ENUNCIADO 572 – Mediante ordem judicial, é admissível, para a satisfação do crédito alimentar atual, o levantamento do saldo de conta vinculada ao FGTS.
Artigos: 1.695 e 1.701, parágrafo único, do Código Civil
Justificativa: O direito aos alimentos é um dos mais importantes de nosso sistema, pois serve para garantir existência digna, englobando a alimentação, o vestuário, o lazer, a educação, etc. Como se sabe, atualmente, a única hipótese de prisão civil decorre da dívida de natureza alimentar (art. 5ª, LXVII, CF).
Contudo, embora admitida a coerção pessoal, muitas vezes os alimentandos encontram dificuldades em receber o que lhes é de direito. Em algumas oportunidades, o próprio devedor resiste de boa-fé, por não possuir os recursos suficientes para adimplir a pensão.
Em tal contexto, uma alternativa viável seria a retirada dos valores depositados na conta vinculada ao FGTS para a satisfação do crédito. Muitos princípios poderiam ser invocados em prol dessa solução. Inicialmente, ambas as partes terão a sua dignidade reconhecida, pois o credor receberá a pensão, enquanto o devedor se livrará do risco de prisão civil. A menor onerosidade da medida é nítida.
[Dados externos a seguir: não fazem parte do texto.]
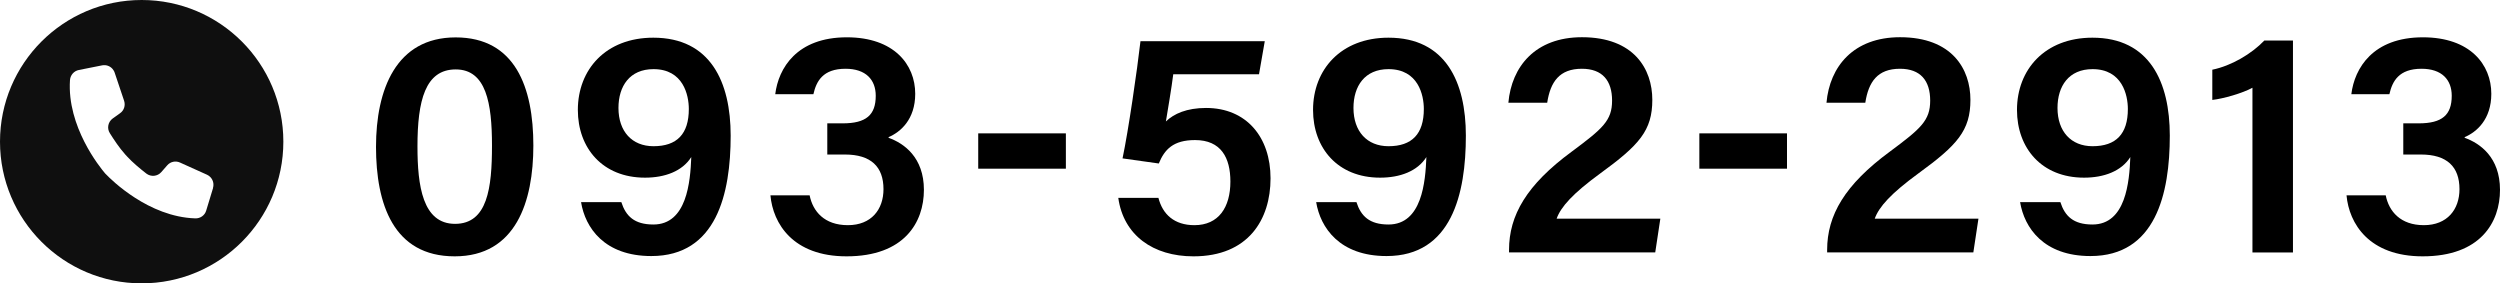 <?xml version="1.0" encoding="UTF-8"?>
<svg xmlns="http://www.w3.org/2000/svg" id="uuid-086e4adf-413f-4d68-ac6d-0cdbfc1fe44d" width="264.69" height="30" viewBox="0 0 264.69 30">
  <defs>
    <style>.uuid-a610c3fe-0ee0-4faf-871b-3eb5ff930e3b{fill:#000;}.uuid-a610c3fe-0ee0-4faf-871b-3eb5ff930e3b,.uuid-0b28a934-d70f-4bac-bdd9-c4a5b7a294b1{stroke-width:0px;}.uuid-0b28a934-d70f-4bac-bdd9-c4a5b7a294b1{fill:#0f0f0f;}</style>
  </defs>
  <g id="uuid-b00db60b-b4e4-47f4-874a-0721e6cafa8f">
    <path class="uuid-a610c3fe-0ee0-4faf-871b-3eb5ff930e3b" d="M56.47,15.41c0,5.92-1.84,11.73-8.33,11.73s-8.33-5.54-8.33-11.59,2.11-11.59,8.43-11.59,8.23,5.3,8.23,11.46ZM44.2,15.51c0,4.15.54,8.19,3.98,8.19s3.91-3.81,3.91-8.29-.61-8.06-3.84-8.06-4.05,3.3-4.05,8.16Z"></path>
    <path class="uuid-a610c3fe-0ee0-4faf-871b-3eb5ff930e3b" d="M65.78,21.39c.48,1.5,1.39,2.38,3.4,2.38,3.54,0,3.91-4.52,4.01-7.14-.95,1.5-2.79,2.18-4.9,2.18-4.49,0-7.11-3.13-7.11-7.17,0-4.28,2.96-7.65,7.99-7.65,6.05,0,8.19,4.69,8.19,10.37,0,6.15-1.5,12.75-8.4,12.75-4.96,0-7-2.99-7.44-5.71h4.25ZM65.48,11.43c0,2.48,1.43,4.05,3.71,4.05,2.48,0,3.74-1.29,3.74-3.94,0-1.46-.58-4.22-3.74-4.22-2.52,0-3.71,1.8-3.71,4.11Z"></path>
    <path class="uuid-a610c3fe-0ee0-4faf-871b-3eb5ff930e3b" d="M82.08,9.97c.34-2.75,2.28-6.02,7.58-6.02,5,0,7.24,2.89,7.24,5.98,0,2.72-1.56,4.05-2.82,4.59v.07c1.63.58,3.74,2.07,3.74,5.51s-2.07,7.04-8.19,7.04c-5.68,0-7.79-3.47-8.06-6.46h4.15c.34,1.7,1.56,3.16,4.05,3.16s3.77-1.67,3.77-3.81c0-2.38-1.33-3.67-4.08-3.67h-1.87v-3.3h1.63c2.48,0,3.5-.88,3.5-2.92,0-1.7-1.05-2.86-3.2-2.86-2.41,0-3.09,1.33-3.4,2.69h-4.05Z"></path>
    <path class="uuid-a610c3fe-0ee0-4faf-871b-3eb5ff930e3b" d="M112.85,14.12v3.74h-9.28v-3.74h9.28Z"></path>
    <path class="uuid-a610c3fe-0ee0-4faf-871b-3eb5ff930e3b" d="M133.3,7.86h-9.08c-.17,1.39-.61,3.98-.78,5,.85-.82,2.21-1.43,4.25-1.43,4.28,0,6.83,3.09,6.83,7.45s-2.35,8.26-8.16,8.26c-4.28,0-7.41-2.24-7.96-6.19h4.25c.44,1.73,1.67,2.89,3.81,2.89,2.55,0,3.81-1.87,3.81-4.62,0-2.52-.99-4.39-3.74-4.39-2.31,0-3.23.99-3.84,2.48l-3.84-.54c.61-2.86,1.56-9.42,1.9-12.41h13.16l-.61,3.5Z"></path>
    <path class="uuid-a610c3fe-0ee0-4faf-871b-3eb5ff930e3b" d="M143.61,21.39c.48,1.5,1.39,2.38,3.4,2.38,3.54,0,3.91-4.52,4.01-7.14-.95,1.5-2.79,2.18-4.9,2.18-4.49,0-7.1-3.13-7.1-7.17,0-4.28,2.96-7.65,7.99-7.65,6.05,0,8.19,4.69,8.19,10.37,0,6.15-1.5,12.75-8.4,12.75-4.96,0-7-2.99-7.45-5.71h4.25ZM143.3,11.43c0,2.48,1.43,4.05,3.71,4.05,2.48,0,3.74-1.29,3.74-3.94,0-1.46-.58-4.22-3.74-4.22-2.52,0-3.71,1.8-3.71,4.11Z"></path>
    <path class="uuid-a610c3fe-0ee0-4faf-871b-3eb5ff930e3b" d="M159.77,26.73v-.27c0-3.67,1.87-6.9,6.63-10.4,3.3-2.45,4.28-3.3,4.28-5.41s-1.02-3.37-3.2-3.37c-2.38,0-3.33,1.39-3.67,3.6h-4.11c.34-3.84,2.86-6.94,7.79-6.94,5.51,0,7.45,3.37,7.45,6.63s-1.39,4.79-5.51,7.79c-2.89,2.11-4.18,3.54-4.62,4.79h10.98l-.54,3.57h-15.47Z"></path>
    <path class="uuid-a610c3fe-0ee0-4faf-871b-3eb5ff930e3b" d="M189.2,14.12v3.74h-9.28v-3.74h9.28Z"></path>
    <path class="uuid-a610c3fe-0ee0-4faf-871b-3eb5ff930e3b" d="M193.45,26.73v-.27c0-3.67,1.87-6.9,6.63-10.4,3.3-2.45,4.28-3.3,4.28-5.41s-1.02-3.37-3.2-3.37c-2.38,0-3.33,1.39-3.67,3.6h-4.11c.34-3.84,2.86-6.94,7.79-6.94,5.51,0,7.45,3.37,7.45,6.63s-1.39,4.79-5.51,7.79c-2.89,2.11-4.18,3.54-4.62,4.79h10.98l-.54,3.57h-15.47Z"></path>
    <path class="uuid-a610c3fe-0ee0-4faf-871b-3eb5ff930e3b" d="M218.14,21.39c.48,1.5,1.39,2.38,3.4,2.38,3.54,0,3.91-4.52,4.01-7.14-.95,1.5-2.79,2.18-4.9,2.18-4.49,0-7.1-3.13-7.1-7.17,0-4.28,2.96-7.65,7.99-7.65,6.05,0,8.19,4.69,8.19,10.37,0,6.15-1.5,12.75-8.4,12.75-4.96,0-7-2.99-7.45-5.71h4.25ZM217.84,11.43c0,2.48,1.43,4.05,3.71,4.05,2.48,0,3.74-1.29,3.74-3.94,0-1.46-.58-4.22-3.74-4.22-2.52,0-3.71,1.8-3.71,4.11Z"></path>
    <path class="uuid-a610c3fe-0ee0-4faf-871b-3eb5ff930e3b" d="M238.48,26.73V9.29c-1.05.58-3.09,1.16-4.25,1.29v-3.2c2.01-.41,4.15-1.67,5.51-3.09h3.03v22.44h-4.28Z"></path>
    <path class="uuid-a610c3fe-0ee0-4faf-871b-3eb5ff930e3b" d="M248.95,9.97c.34-2.75,2.28-6.02,7.58-6.02,5,0,7.24,2.89,7.24,5.98,0,2.72-1.56,4.05-2.82,4.59v.07c1.63.58,3.74,2.07,3.74,5.51s-2.07,7.04-8.19,7.04c-5.68,0-7.79-3.47-8.06-6.46h4.15c.34,1.7,1.56,3.16,4.04,3.16s3.77-1.67,3.77-3.81c0-2.38-1.33-3.67-4.08-3.67h-1.87v-3.3h1.63c2.48,0,3.5-.88,3.5-2.92,0-1.7-1.05-2.86-3.2-2.86-2.41,0-3.09,1.33-3.4,2.69h-4.04Z"></path>
    <path class="uuid-0b28a934-d70f-4bac-bdd9-c4a5b7a294b1" d="M15,0C6.72,0,0,6.72,0,15s6.72,15,15,15,15-6.72,15-15S23.28,0,15,0ZM22.56,19.9l-.73,2.4c-.15.51-.63.84-1.16.82-4.93-.16-8.87-4.06-9.46-4.68h0s-.02-.02-.04-.04c-.02-.03-.04-.04-.04-.04h0c-.56-.66-4.05-4.96-3.72-9.88.04-.53.42-.97.94-1.07l2.46-.49c.41-.08.82.06,1.09.36.1.12.19.25.24.41l1,2.98c.16.49,0,1.02-.43,1.32l-.77.55c-.5.36-.64,1.04-.31,1.56.42.67,1.02,1.58,1.62,2.24.02.02.04.04.05.06h0s.03.03.04.04c.01.01.03.03.04.04h0s.04.04.05.06c.6.66,1.44,1.35,2.07,1.84.49.37,1.18.3,1.58-.16l.63-.72c.34-.39.89-.5,1.35-.29l2.86,1.29c.15.07.28.16.38.28.27.3.37.72.25,1.12Z"></path>
  </g>
</svg>
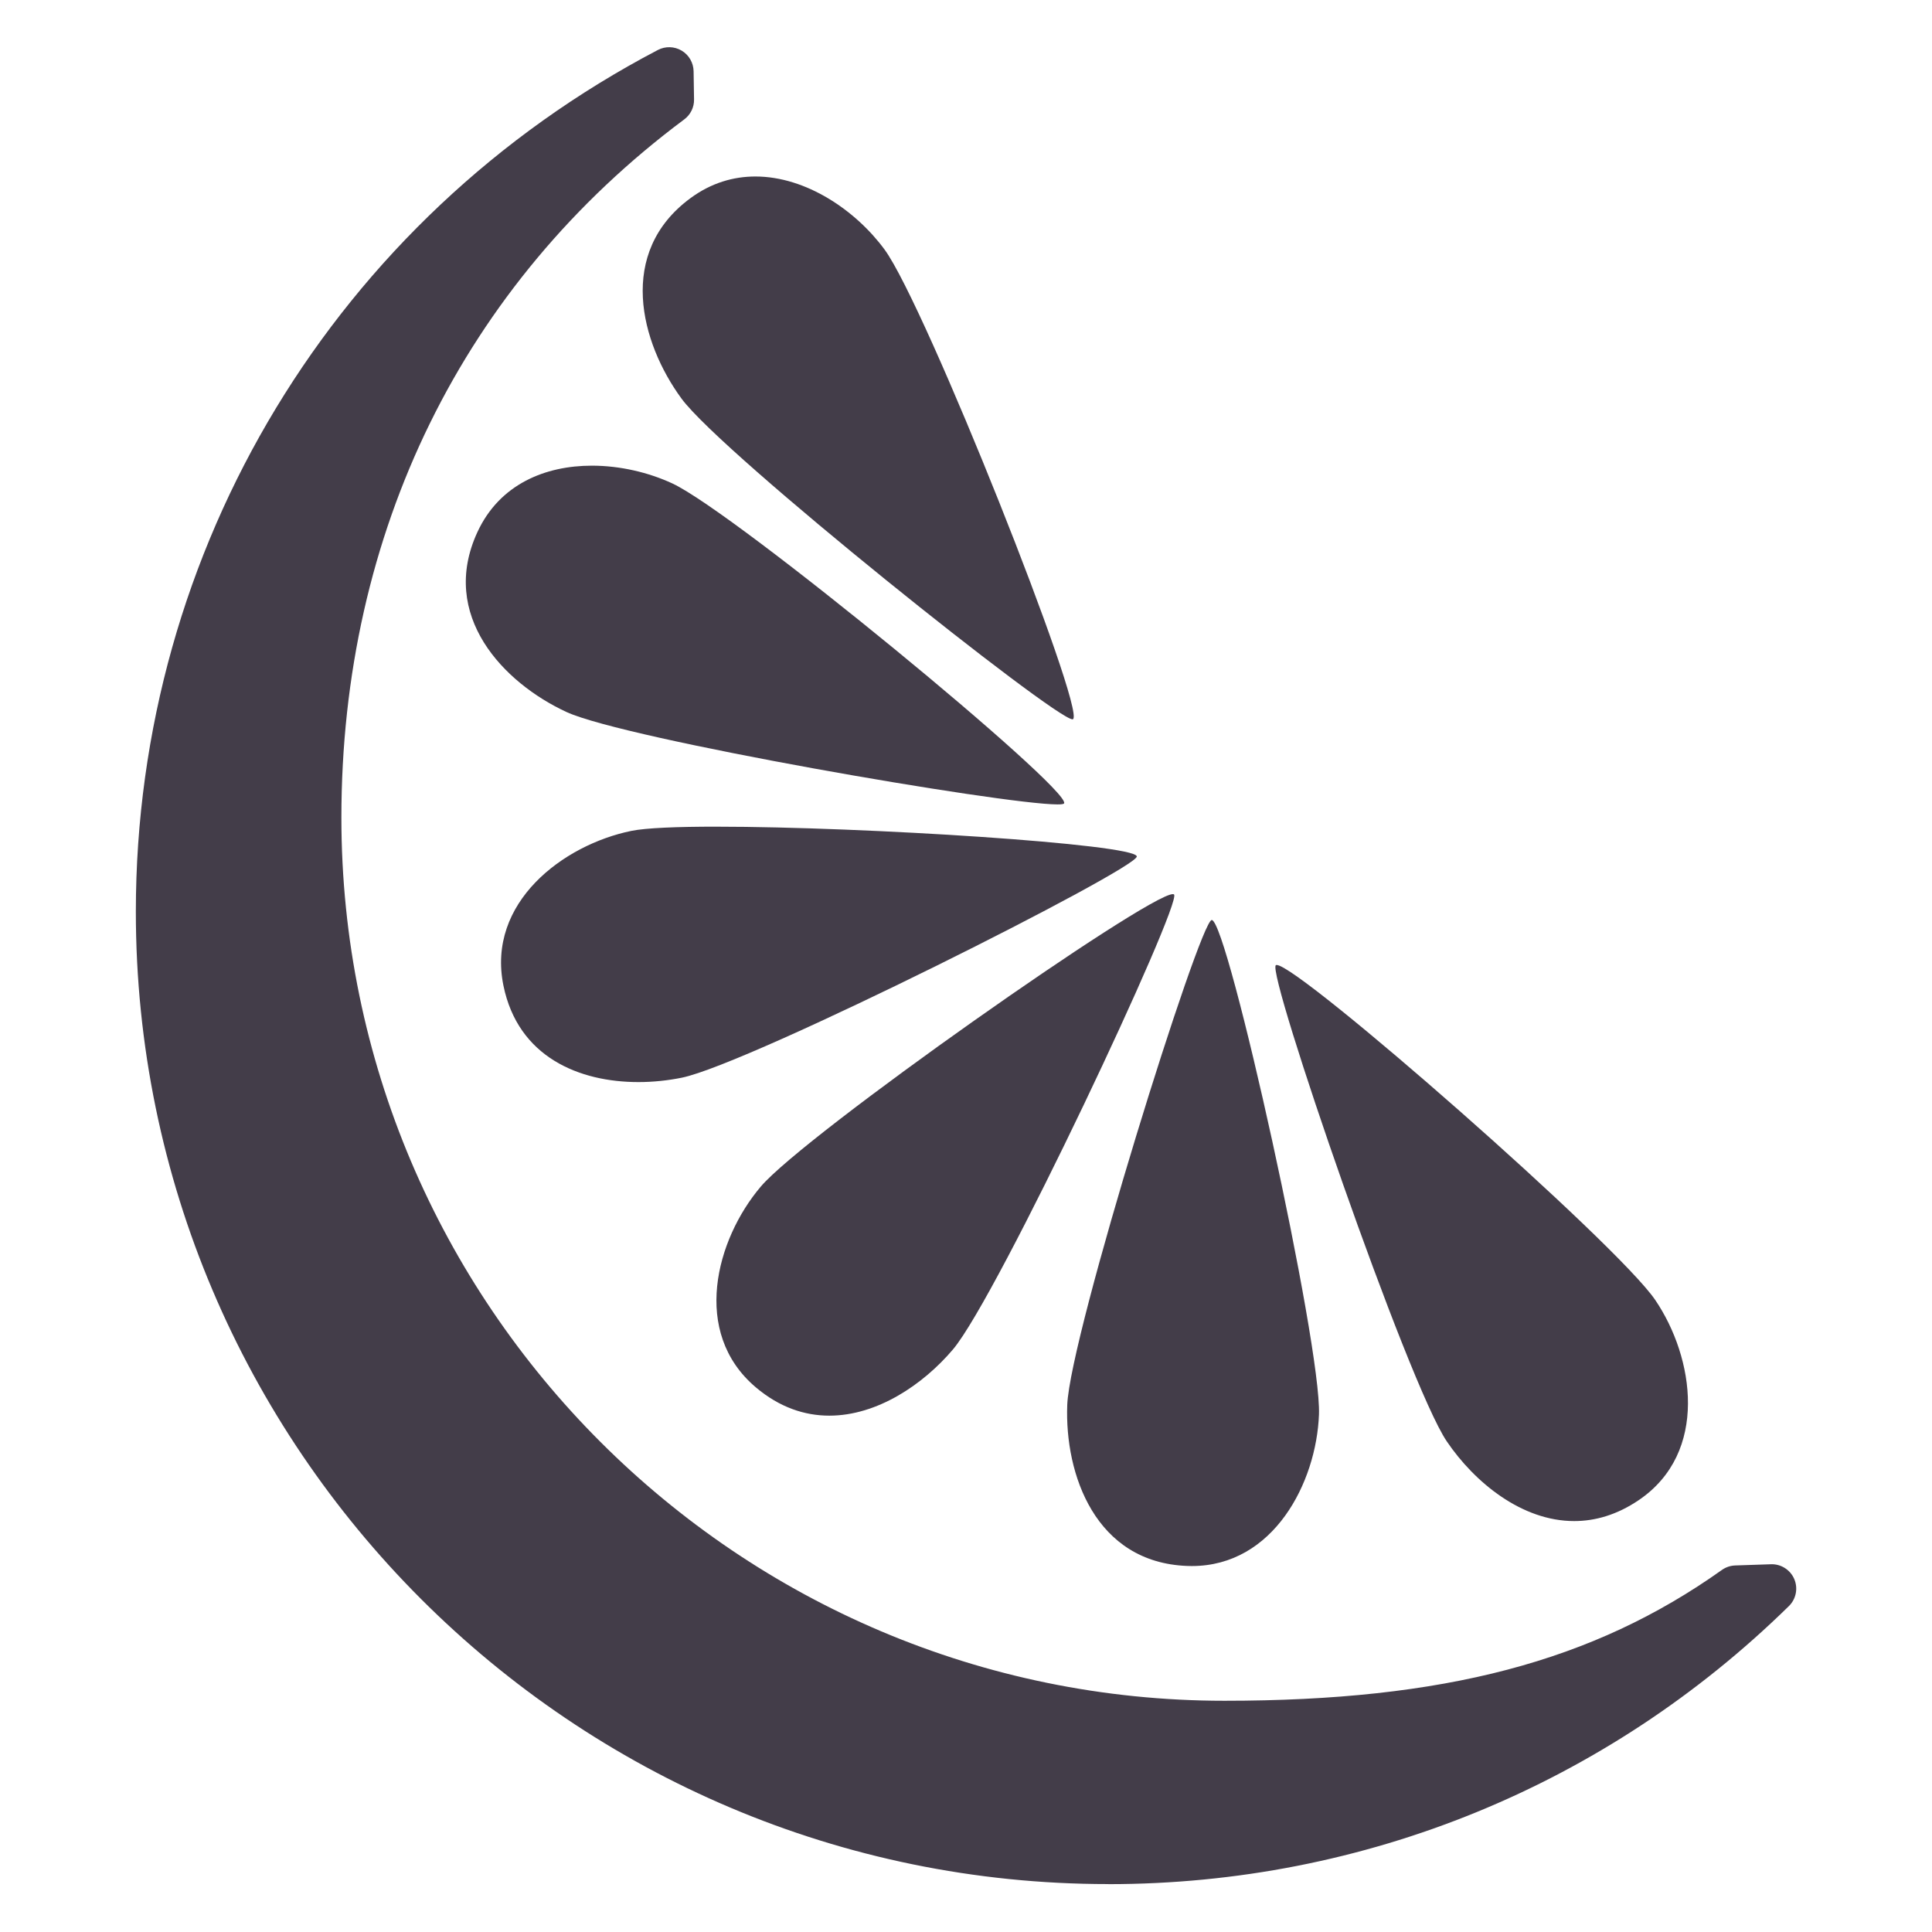 <?xml version="1.0" encoding="UTF-8"?>
<svg data-bbox="60.75 21.107 742.53 821.493" viewBox="0 0 864 864" xmlns="http://www.w3.org/2000/svg" data-type="color">
    <g>
        <path d="M530.13 420.79h.03zm-5.64-20.93c-11.35 0-164.52 107.53-184.24 130.76-20.13 23.71-31.19 65.24-2.31 89.75 10.64 9.03 21.91 12.72 32.94 12.72 21.43 0 41.96-13.92 55.25-29.57 20.13-23.71 102.9-200.11 98.89-203.52-.11-.09-.28-.14-.52-.14Z" fill="#433d49" data-color="1"/>
        <path d="M320.46 369.69c-17.78 0-31.62.56-38.08 1.88-30.48 6.22-64.82 32.04-57.25 69.16 6.55 32.12 34.03 43.18 60.36 43.18 6.66 0 13.25-.71 19.41-1.96 30.48-6.22 204.53-93.82 203.48-98.98-1.13-5.52-121.84-13.27-187.9-13.27Z" fill="#433d49" data-color="1"/>
        <path d="M264.71 208.25c-20.83 0-41.28 8.24-51.2 29.69-17.24 37.28 11.59 67.41 39.82 80.47 26.33 12.17 195.17 41.33 219.62 41.33 1.77 0 2.78-.15 2.93-.48 3-6.49-147.04-130.05-175.28-143.1-10.62-4.91-23.33-7.91-35.9-7.91Z" fill="#433d49" data-color="1"/>
        <path d="M337.82 78.93c-9.84 0-19.75 2.86-28.99 9.65-33.11 24.3-22.44 64.61-4.04 89.69 18.17 24.76 166.99 143.41 174.84 143.41.1 0 .18-.02.23-.06 5.77-4.23-65.86-184.92-84.26-210-12.84-17.49-35.11-32.69-57.78-32.69" fill="#433d49" data-color="1"/>
        <path d="M559.64 423.66h.03zm-17.74-12.22c-5.32 0-63.43 185.78-64.62 216.85-1.18 31.08 12.58 70.45 53.62 72.01.7.03 1.39.04 2.08.04 36.51 0 55.71-37.25 56.87-67.76 1.18-31.08-40.79-220.86-47.94-221.14Z" fill="#433d49" data-color="1"/>
        <path d="M570.94 431.55c-.16 0-.28.03-.37.09-4.36 2.96 58.99 187.23 76.45 212.97 12.46 18.37 33.55 35.62 56.96 35.62 9.4 0 19.17-2.78 28.91-9.39 31.34-21.27 24.81-63.74 7.34-89.48-17.2-25.34-159.26-149.81-169.29-149.81" fill="#433d49" data-color="1"/>
        <path d="M495.62 842.57c-239.79 0-434.87-195.09-434.87-434.87 0-162.31 89.45-309.96 233.45-385.35 3.36-1.75 7.38-1.65 10.64.29 3.26 1.93 5.27 5.42 5.34 9.21l.2 12.63c.06 3.51-1.57 6.82-4.39 8.92-98.87 73.73-153.32 184.62-153.32 312.26 0 217.77 177.17 394.93 394.93 394.93 98.22 0 164.74-17.5 222.44-58.5 1.74-1.24 3.81-1.94 5.95-2.01l16.01-.54c4.44-.16 8.63 2.47 10.4 6.61s.82 8.94-2.39 12.09C718.23 798.43 610.14 842.6 495.64 842.6Z" fill="#433d49" data-color="1"/>
    </g>
</svg>

A jurisprudência do STJ orienta-se pela admissão da orientação do enunciado: AgRg no RMS n. 34.708/SP, AgRg no RMS n. 35.010/SP e AgRg no RMS n. 34.440/SP. Há, igualmente, precedentes de tribunais estaduais sobre o tema: TJ/RS, AI n. 70046109757, 7. C. C., relator Jorge Dall’Agnol, DJe de 1º/12/2011.
Dessa forma, a aprovação de um enunciado no sentido proposto poderá colaborar para que os operadores de todo o Brasil tomem ciência dessa orientação, o que redundará, em última análise, na mais adequada proteção das pessoas.
ENUNCIADO 573 – Na apuração da possibilidade do alimentante, observar-se-ão os sinais exteriores de riqueza.
Artigo: 1.694, § 1º, do Código Civil
Justificativa: De acordo com o ordenamento jurídico brasileiro, o reconhecimento do direito a alimentos está intrinsicamente relacionado com a prova do binômio necessidade e capacidade, conforme expresso no § 1º do art. 1.694 do Código Civil. Assim, está claro que, para a efetividade da aplicação do dispositivo em questão, é exigida a prova não só da necessidade do alimentado, mas também da capacidade financeira do alimentante.
Contudo, diante das inúmeras estratégias existentes nos dias de hoje visando à blindagem patrimonial, torna-se cada vez mais difícil conferir efetividade ao art. 1.694, § 1º, pois muitas vezes é impossível a comprovação objetiva da capacidade financeira do alimentante.
Por essa razão, à mingua de prova específica dos rendimentos reais do alimentante, deve o magistrado, quando da fixação dos alimentos, valer-se dos sinais aparentes de riqueza.
Isso porque os sinais exteriorizados do modo de vida do alimentante denotam seu real poder aquisitivo, que é incompatível com a renda declarada.
Com efeito, visando conferir efetividade à regra do binômio necessidade e capacidade, sugere-se que os alimentos sejam fixados com base em sinais exteriores de riqueza, por presunção induzida da experiência do juízo, mediante a observação do que ordinariamente acontece, nos termos do que autoriza o art. 335 do Código de Processo Civil, que é também compatível com a regra do livre convencimento, positivada no art. 131 do mesmo diploma processual.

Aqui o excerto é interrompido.